I need help to determine if this congruency system can be solved and if it can be solved how do I do it: $$\begin{cases}x\equiv2\text{ (mod $3$)}\\ x\equiv4\text{ (mod $6$)}\\ \end{cases}$$
I do know that from the system I obtain the following:
$$\begin{align} x\equiv2\text{ (mod $3$)}\\ x\equiv4\text{ (mod $2$)}\\ x\equiv4\text{ (mod $3$)}\\ \end{align}$$
I do not know what to conclude from here. I think this system doesn't have solution, but if it is so how do I prove it.
Doesn't have solution, since $$\begin{cases} x\equiv 2 \pmod{3} \\ x\equiv 4 \pmod{3} \end{cases}$$ they implie $2\equiv 4 \pmod{3}$, but this is false.
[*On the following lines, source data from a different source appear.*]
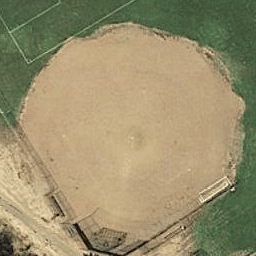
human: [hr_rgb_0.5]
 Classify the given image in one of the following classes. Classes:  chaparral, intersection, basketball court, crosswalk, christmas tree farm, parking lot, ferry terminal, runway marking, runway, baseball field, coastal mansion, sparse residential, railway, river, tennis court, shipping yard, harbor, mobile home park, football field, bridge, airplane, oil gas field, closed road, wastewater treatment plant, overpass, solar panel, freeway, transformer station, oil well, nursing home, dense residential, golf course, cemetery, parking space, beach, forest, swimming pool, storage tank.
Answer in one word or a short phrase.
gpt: baseball field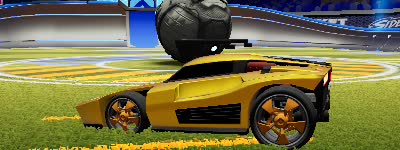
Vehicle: breakout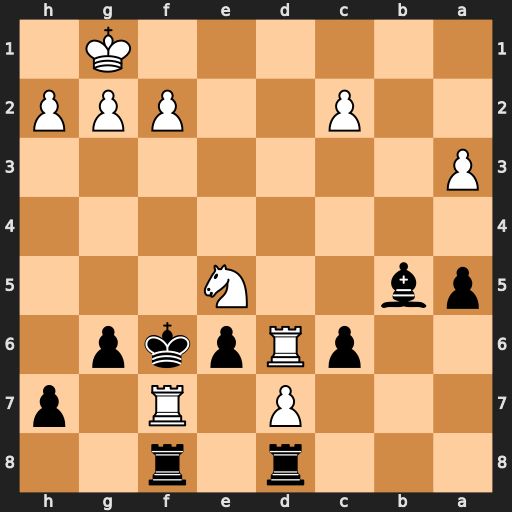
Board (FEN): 3r1r2/3P1R1p/2pRpkp1/pb2N3/8/P7/2P2PPP/6K1
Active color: b
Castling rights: -
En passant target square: -
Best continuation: Rxf7 Nxf7 Kxf7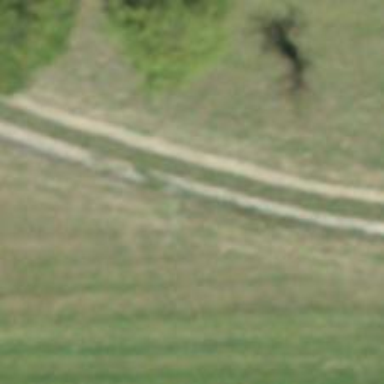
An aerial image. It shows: Grass track with grade 5 tracktype.
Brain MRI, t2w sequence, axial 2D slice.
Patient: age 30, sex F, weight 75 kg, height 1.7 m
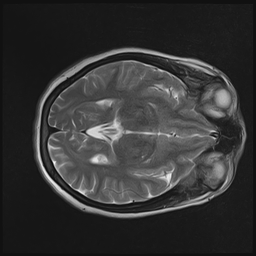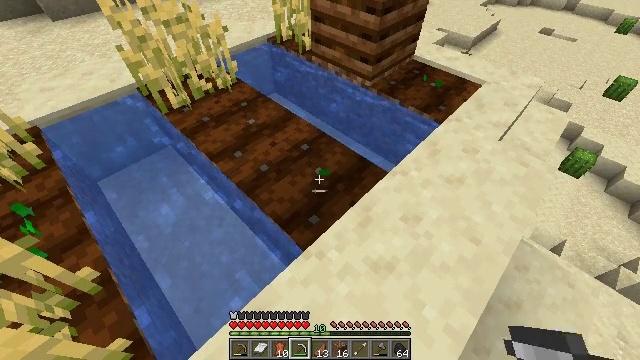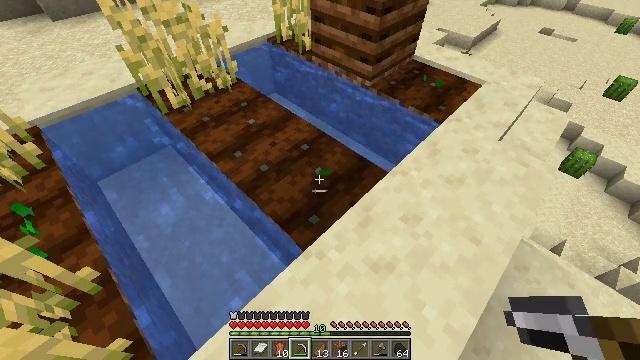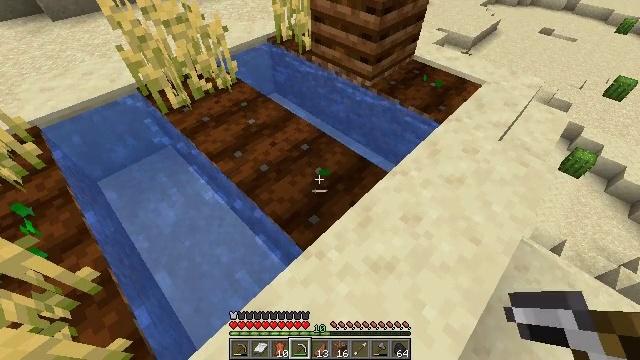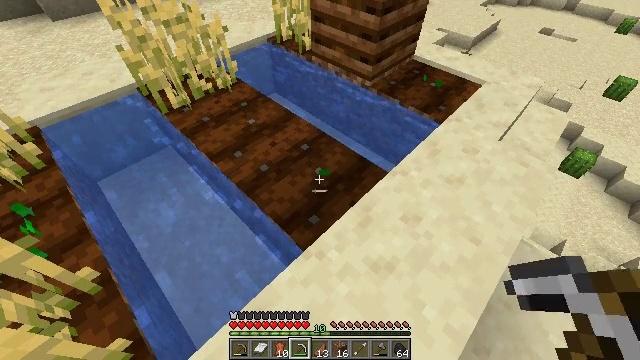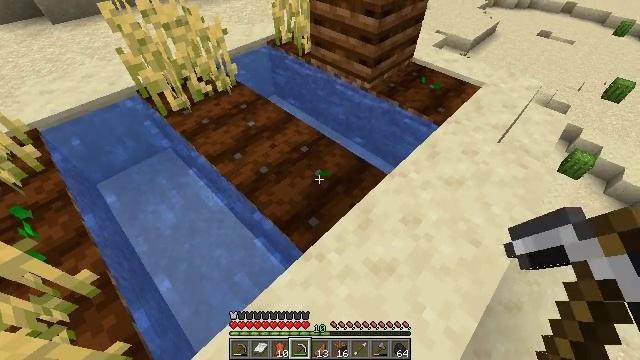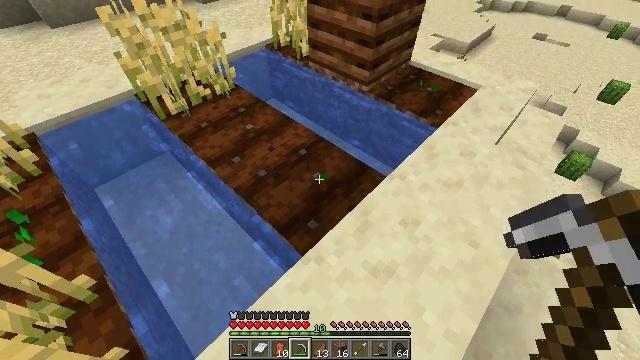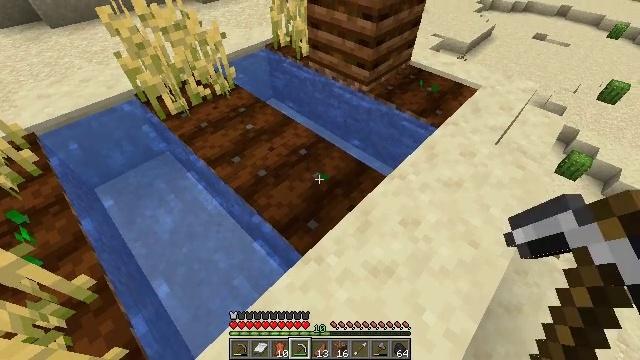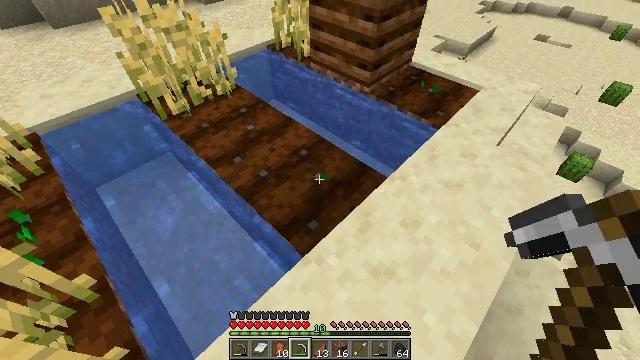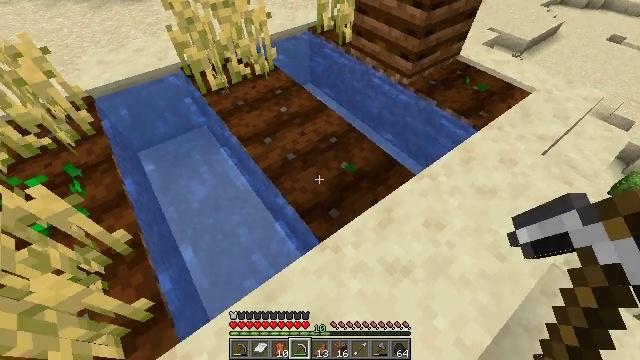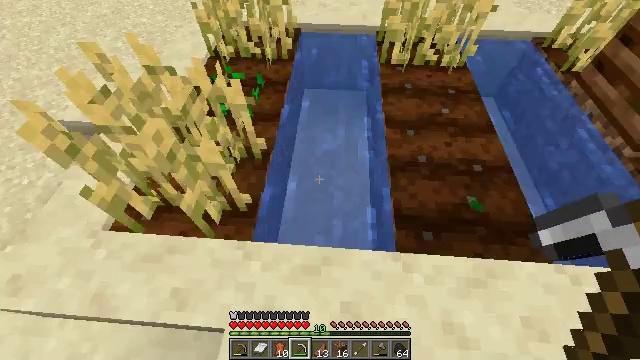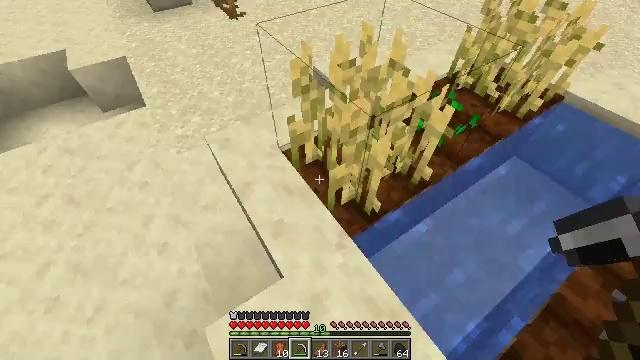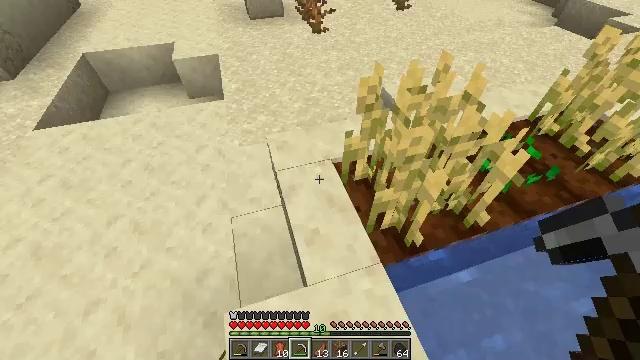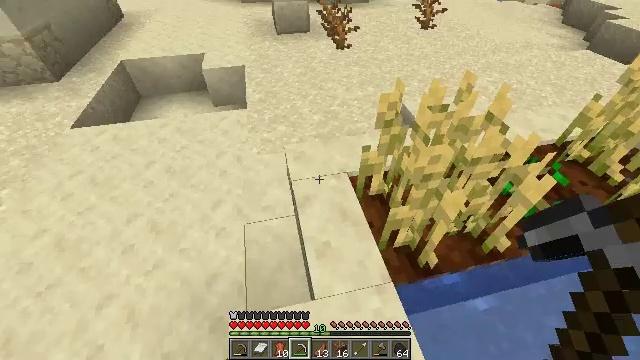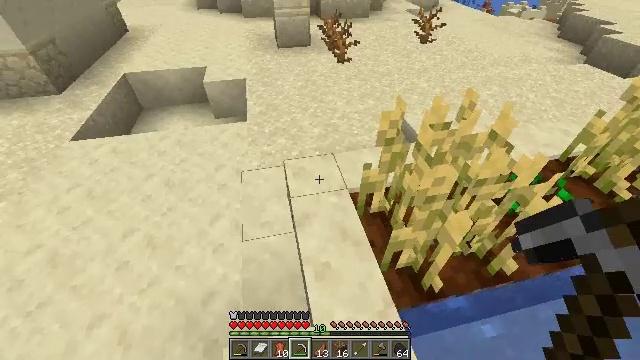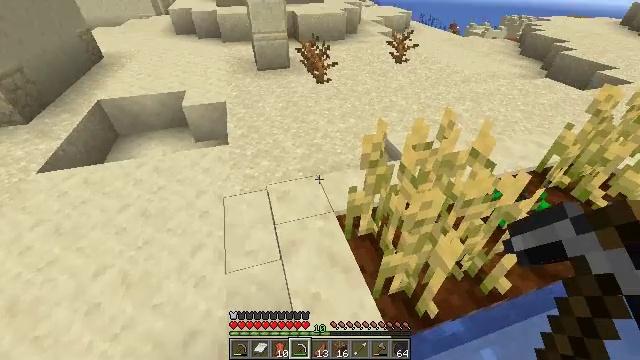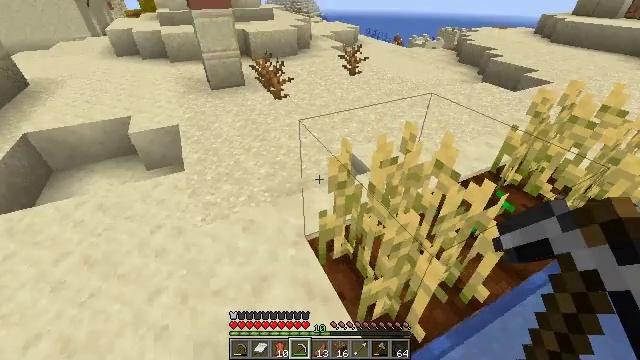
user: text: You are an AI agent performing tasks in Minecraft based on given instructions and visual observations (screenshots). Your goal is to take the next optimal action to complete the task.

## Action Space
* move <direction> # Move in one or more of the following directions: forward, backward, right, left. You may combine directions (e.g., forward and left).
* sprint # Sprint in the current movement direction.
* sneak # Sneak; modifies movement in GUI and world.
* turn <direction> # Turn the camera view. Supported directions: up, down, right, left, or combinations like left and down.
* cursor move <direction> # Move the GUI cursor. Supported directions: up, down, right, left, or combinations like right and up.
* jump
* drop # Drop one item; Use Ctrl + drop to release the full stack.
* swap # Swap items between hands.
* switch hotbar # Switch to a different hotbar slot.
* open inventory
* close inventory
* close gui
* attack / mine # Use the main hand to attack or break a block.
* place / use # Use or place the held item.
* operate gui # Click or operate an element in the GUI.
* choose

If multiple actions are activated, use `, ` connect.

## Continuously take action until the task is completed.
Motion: motion action
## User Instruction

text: Gather beetroots by breaking the plants.
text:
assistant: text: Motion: no_op
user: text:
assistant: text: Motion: no_op
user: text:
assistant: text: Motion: no_op
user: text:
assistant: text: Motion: no_op
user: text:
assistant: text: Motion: no_op
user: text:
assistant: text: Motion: no_op
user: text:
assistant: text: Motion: no_op
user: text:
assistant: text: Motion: turn left and down
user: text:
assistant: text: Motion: turn left and down
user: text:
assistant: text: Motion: turn left and up
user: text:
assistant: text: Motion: turn left and up
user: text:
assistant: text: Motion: turn left and up
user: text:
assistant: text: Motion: move forward, turn up
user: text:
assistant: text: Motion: move forward, turn right and up
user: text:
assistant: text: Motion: move forward, turn right and up
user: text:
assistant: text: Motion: move forward, turn right and up
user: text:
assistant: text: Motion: move forward, turn right and up
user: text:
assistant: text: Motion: move forward, sprint, turn right and up
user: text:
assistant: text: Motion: move forward, sprint
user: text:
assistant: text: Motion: move forward, sprint, turn left and up
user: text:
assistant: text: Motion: move forward, sprint, turn left and up
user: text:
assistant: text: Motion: move forward, turn left and up
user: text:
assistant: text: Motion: move forward, sprint, turn up
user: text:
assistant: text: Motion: move forward, sprint, turn right and up
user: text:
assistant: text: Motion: move forward, sprint, turn right and up
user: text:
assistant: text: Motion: move forward, sprint, turn right
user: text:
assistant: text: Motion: move forward, sprint
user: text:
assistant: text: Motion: move forward
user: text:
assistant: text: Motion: move forward, sprint
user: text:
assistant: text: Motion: move forward, sprint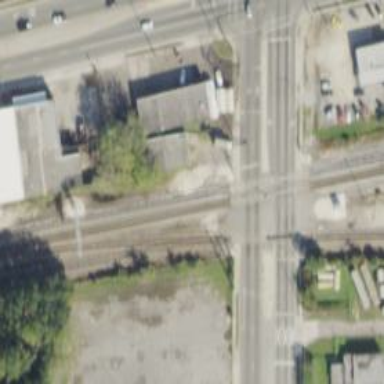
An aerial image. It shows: Railway crossing.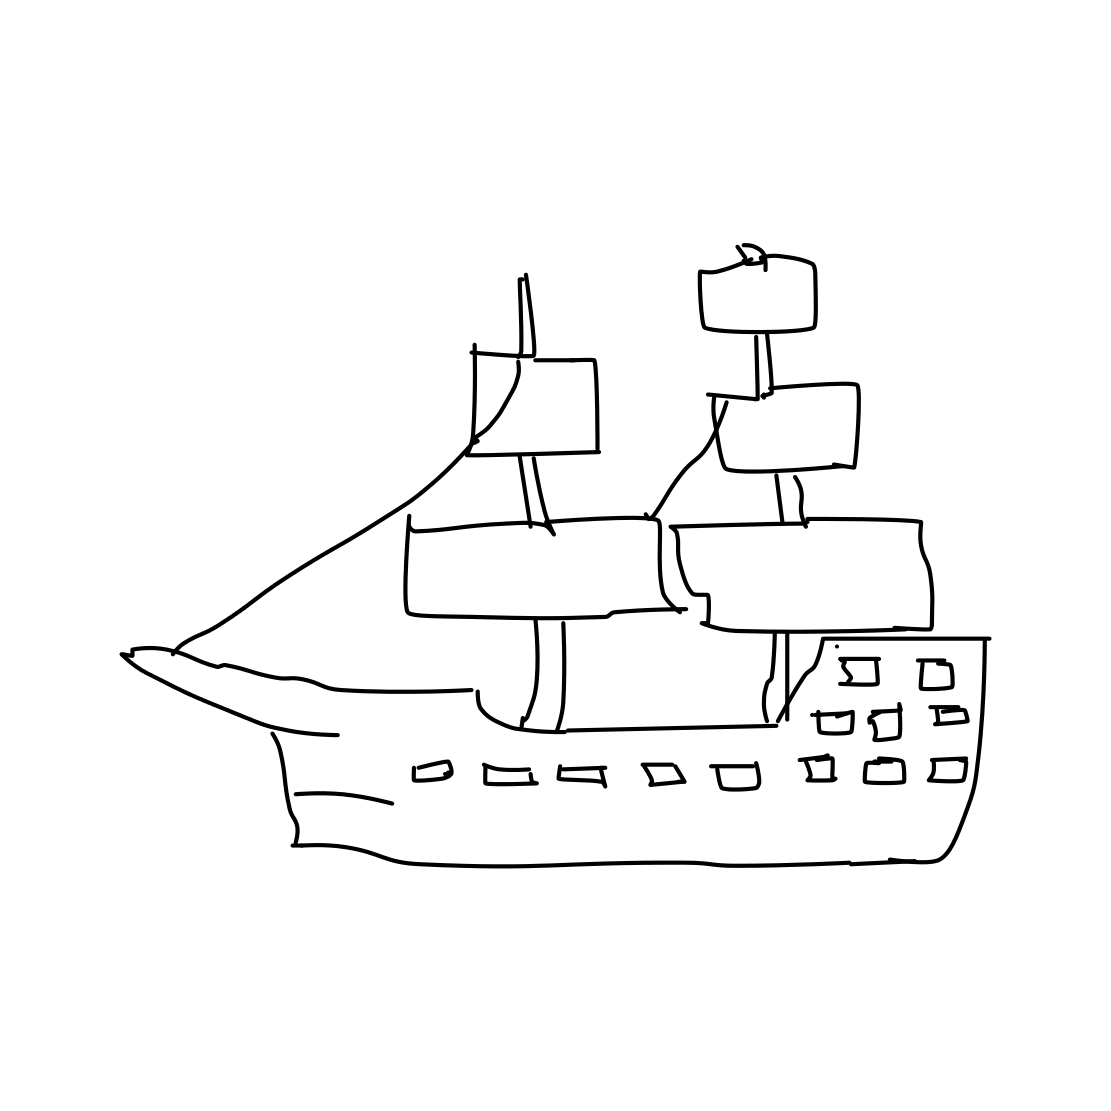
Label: ship

$$x=6k+4\implies x=3(2k+1)+1$$
Thus if $$x\equiv 4\pmod {6} $$ then $$x\equiv 1\pmod 3$$
That is the system
$$\begin{cases} x\equiv 2 \pmod{3} \\ x\equiv 4 \pmod{6} \end{cases}$$
is not consistent.
$\begin{align} {\bf Hint}\qquad\ \ \ 2+3j &= x = 4 + 6k\,\Rightarrow\ 3\,j-6\,k = 2\,\Rightarrow\, 3\mid 2,\,\ \rm contradiction.\\[.5em] {\rm generally}\ \ \ a+mj &= x = b + nk\,\Rightarrow\, \color{#c00}mj-\color{#c00}nk = b-a\,\Rightarrow\, \bbox[6px,border:1px solid #c00]{\color{#c00}{\gcd(m,n)}\mid b-a }\end{align}$
i.e. $ $ they're consistent $\!\iff\!$ they become equivalent when reduced mod the $\rm\color{#c00}{gcd}$ of the moduli.
The above necessary condition for a solution to exist is also a sufficient condition. Furthermore, a system of congruences is solvable $\iff$ pairwise solvable as above.
$6k+4=3y+2\implies y=k=-{2\over 3}$ repeating every time k changes by 1 (y by 2) , which then means, they aren't integer solutions for k snd y.